Developing rodent models for testing brain tumor therapies
Human MG renewable tissue/cell resources are important because of the ongoing need for evaluating novel therapeutics in preclinical animal studies. My laboratory’s approach to therapeutic testing primarily involves the use of an intracranial MG xenograft model, so that therapy evaluations are conducted against human tumors growing in an appropriate microenvironment. This approach has motivated research in my laboratory for increasing the efficiency and maximizing the information yield of intracranial xenograft therapeutic testing, including the incorporation of methods for continuous monitoring of intracranial tumor growth and response to therapy in living animals. Towards this purpose, we utilize bioluminescence imaging and magnetic resonance imaging as part of our intracranial tumor therapy response testing, with each imaging method continuously being evaluated for its full range of application. My laboratory is also developing and characterizing transplantable/engraftable MG models using tumors from genetically engineered mice, and for which corresponding immunocompetent rodents can be used as hosts for establishing syngeneic/isogenic intracranial tumors.
Investigation of tumor adaptation to small molecule inhibitor therapy
Many cancers, including MG, are remarkably resistant to single agent therapies. Tumors adapt to the challenges posed by small molecule inhibitors by expanding subpopulations of cells that have inherent resistance to specific chemotherapeutics. Our lab investigates the adaptive responses of MG for the purpose of identifying secondary therapeutics that can be used, either concurrently with or following MG response to initial therapy, so as to improve the extent and duration of tumor response to treatment.
Use of small molecule inhibitors to influence cell cycling during cytotoxic therapy
Small molecule inhibitors of specific enzymatic activities can be used to advantage when combined with with conventional cytotoxic therapies (radiation and temozolomide) for enhancing cytotoxic therapy efficacy. Our research in this area suggests that the sequence of applying small molecule inhibitors with cytotoxic therapy is extremely important to maximizing benefit from combination therapy, and we are focused on understanding how small molecule inhibitors effect DNA repair processes important to tumor cell survival following treatment with radiation or temozolomide.
Convection Enhanced Delivery of Therapy for Treating MG
A major problem associated with the treatment of MG is the blood-brain-barrier, which limits access of peripherally (systemically) administered therapy for treating these brain tumors. Convection enhanced delivery involves controlled rate infusion of therapy directly into tumor, using cannula that are placed in the brain. My laboratory is investigating CED administration of therapy directly into brain tumors, for achieving more substantial anti-tumor effect than can be achieved by peripheral drug administration.

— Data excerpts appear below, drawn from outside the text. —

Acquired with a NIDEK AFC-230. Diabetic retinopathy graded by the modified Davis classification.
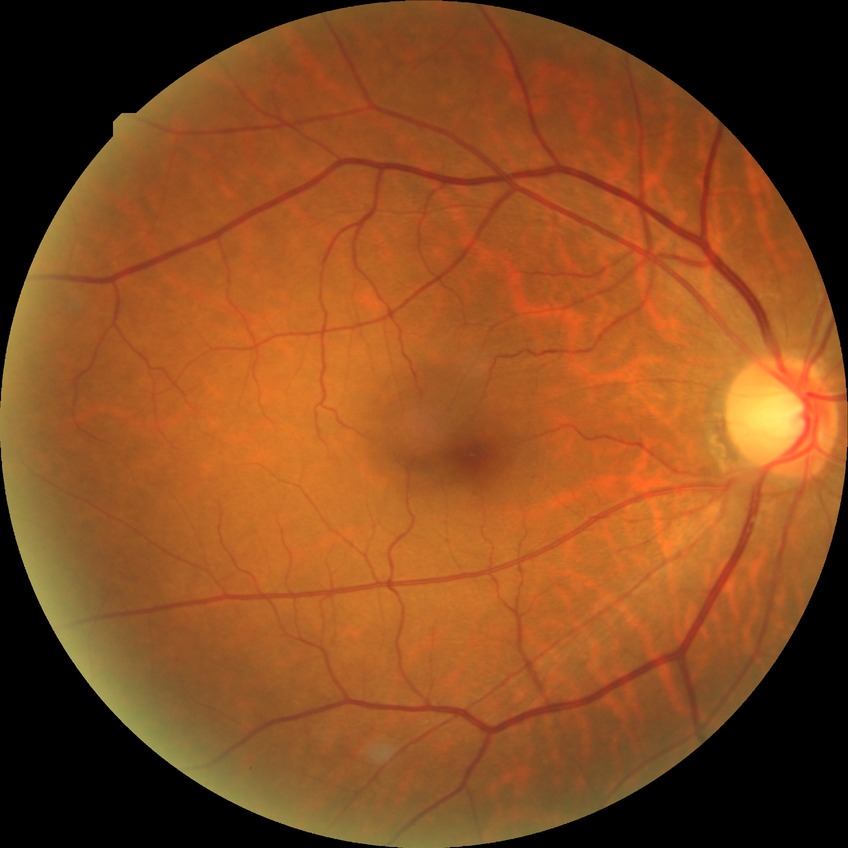

{"davis_grade": "SDR (simple diabetic retinopathy)"}
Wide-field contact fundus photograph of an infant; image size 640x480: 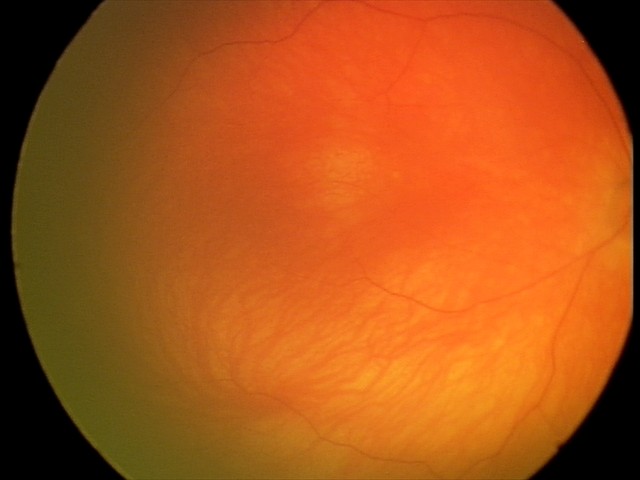 Assessment: no abnormal retinal findings.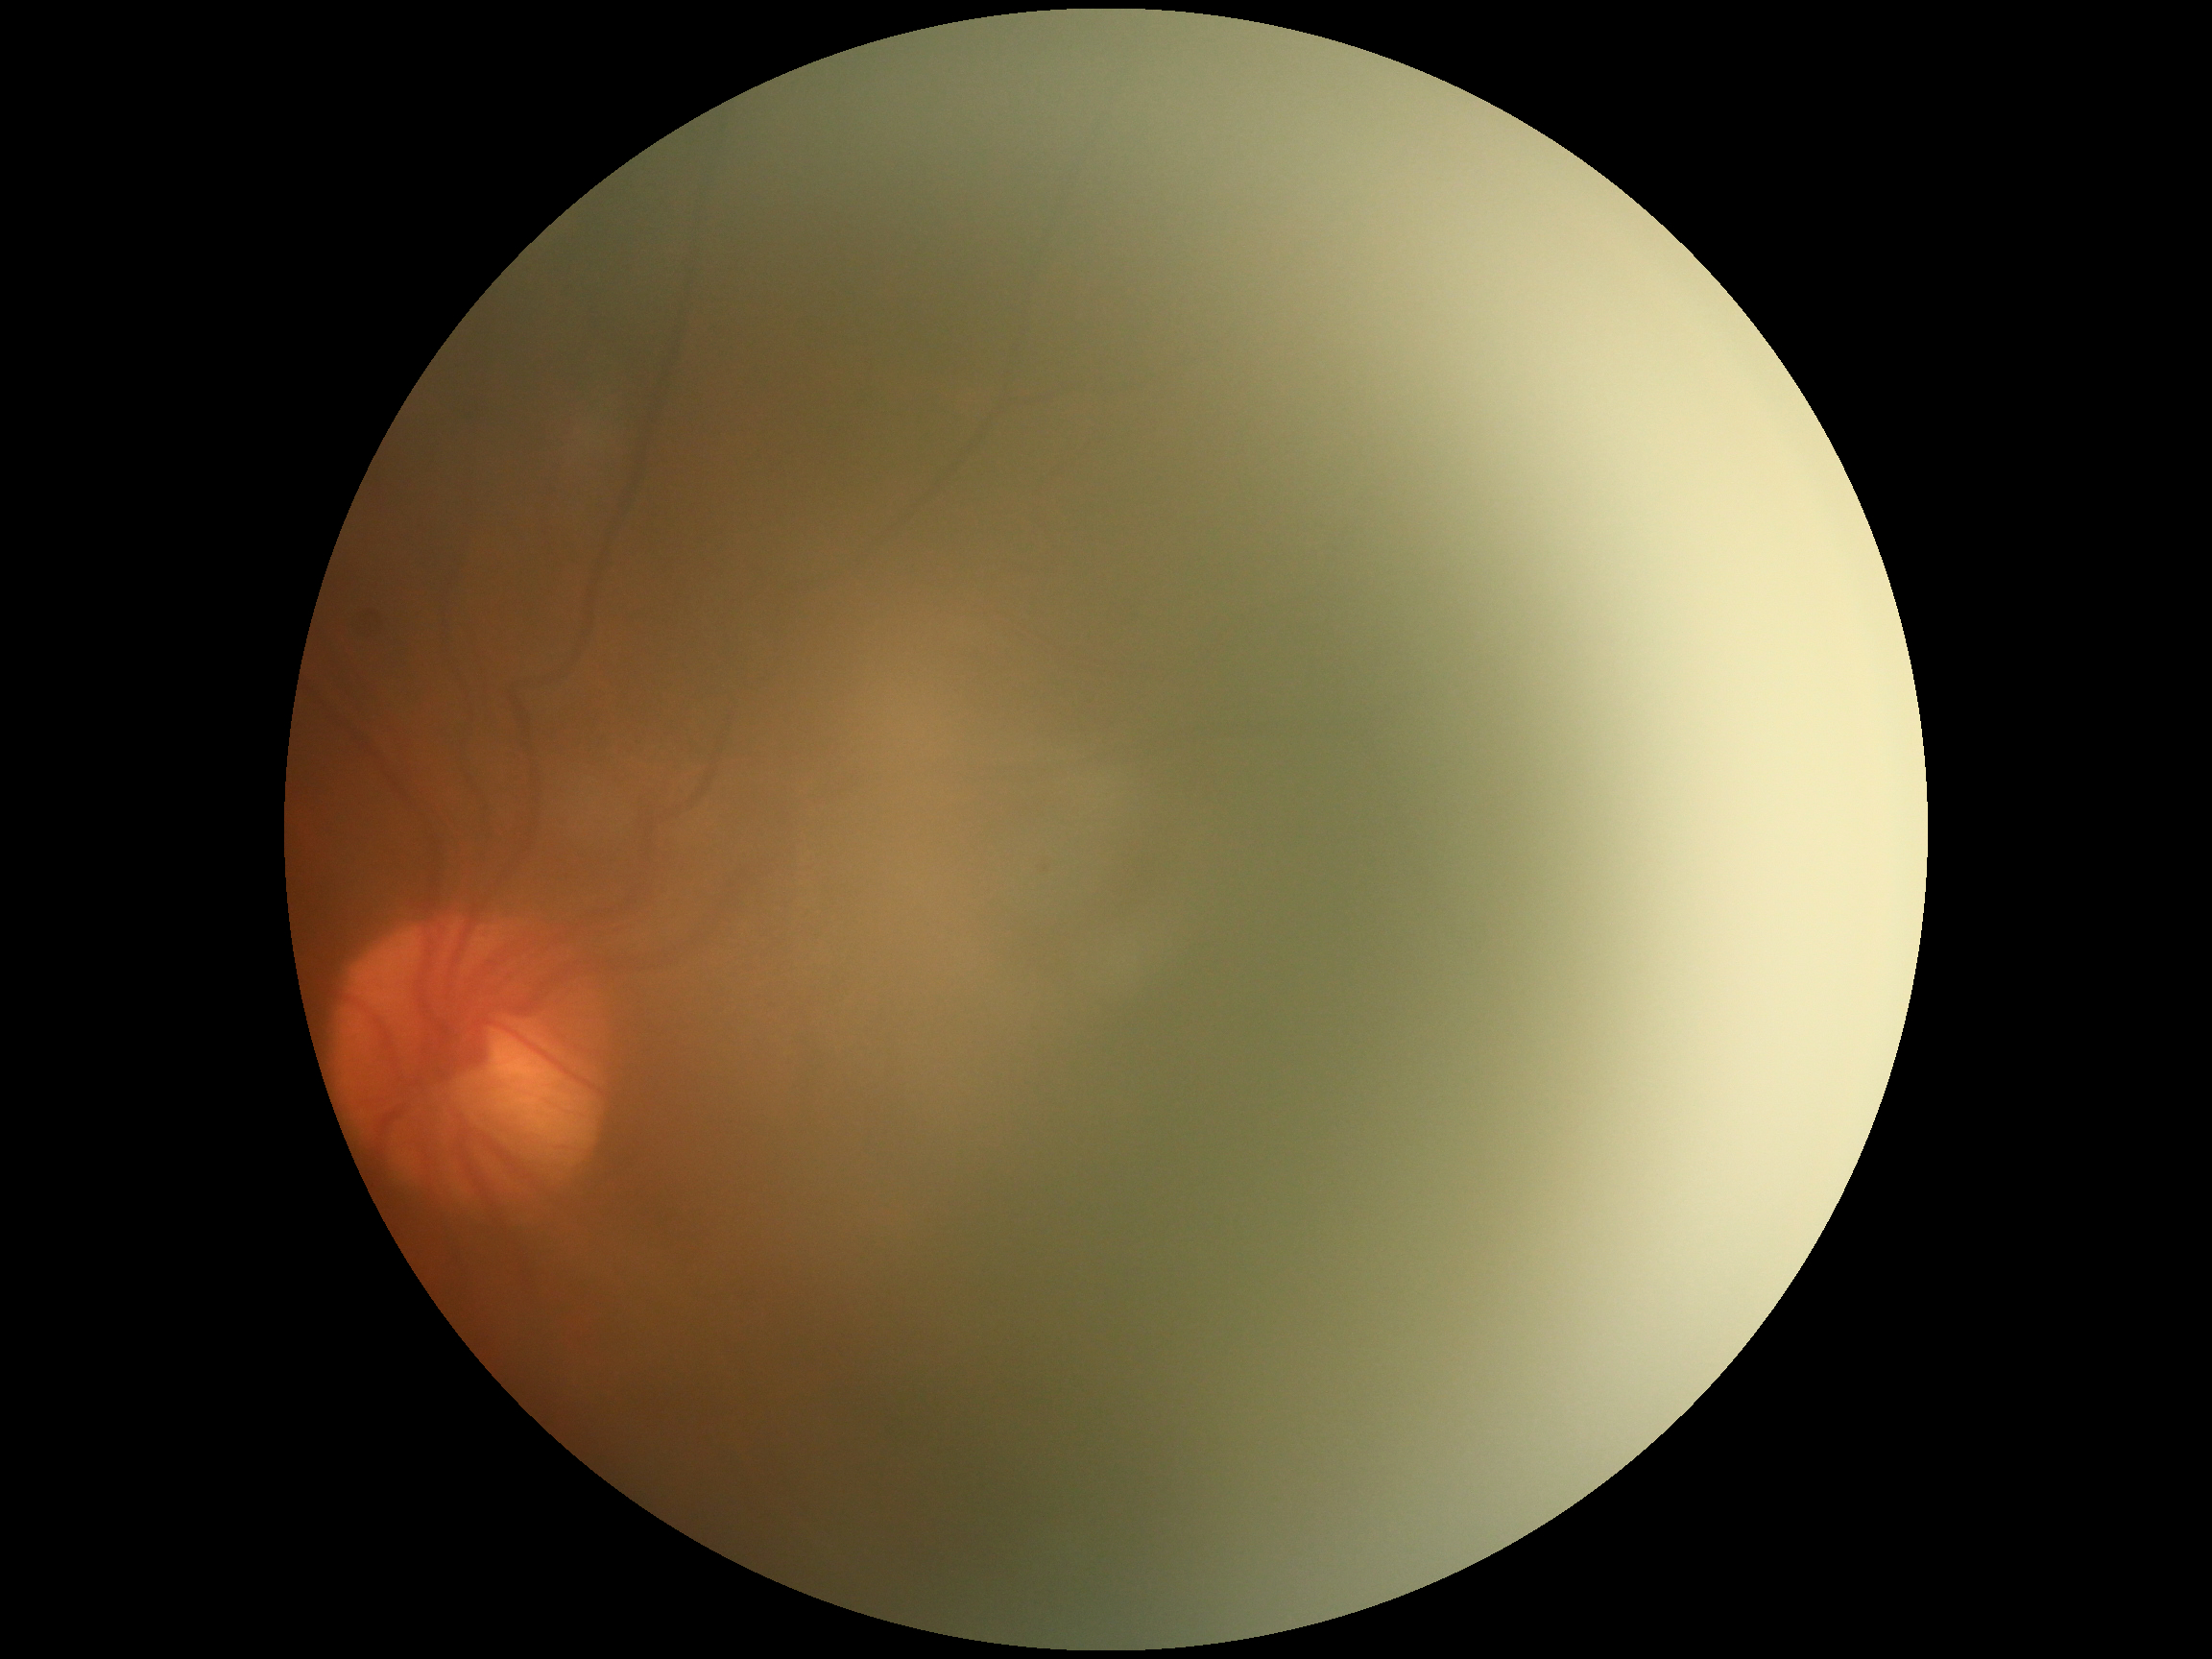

Histone Gene Mutations in Diffuse Intrinsic Pontine Glioma (DIPG)
DIPGs are MGs that occur in the brainstem of young children, and are nearly uniformly fatal. Recently, a frequently occurring mutation was discovered, that eliminates a methylation site of histone H3, and in so doing imposes substantially decreased H3 methylation throughout DIPG genomes. My lab is investigating basis as well as consequences of this mutation’s effect on histone H3 methylation.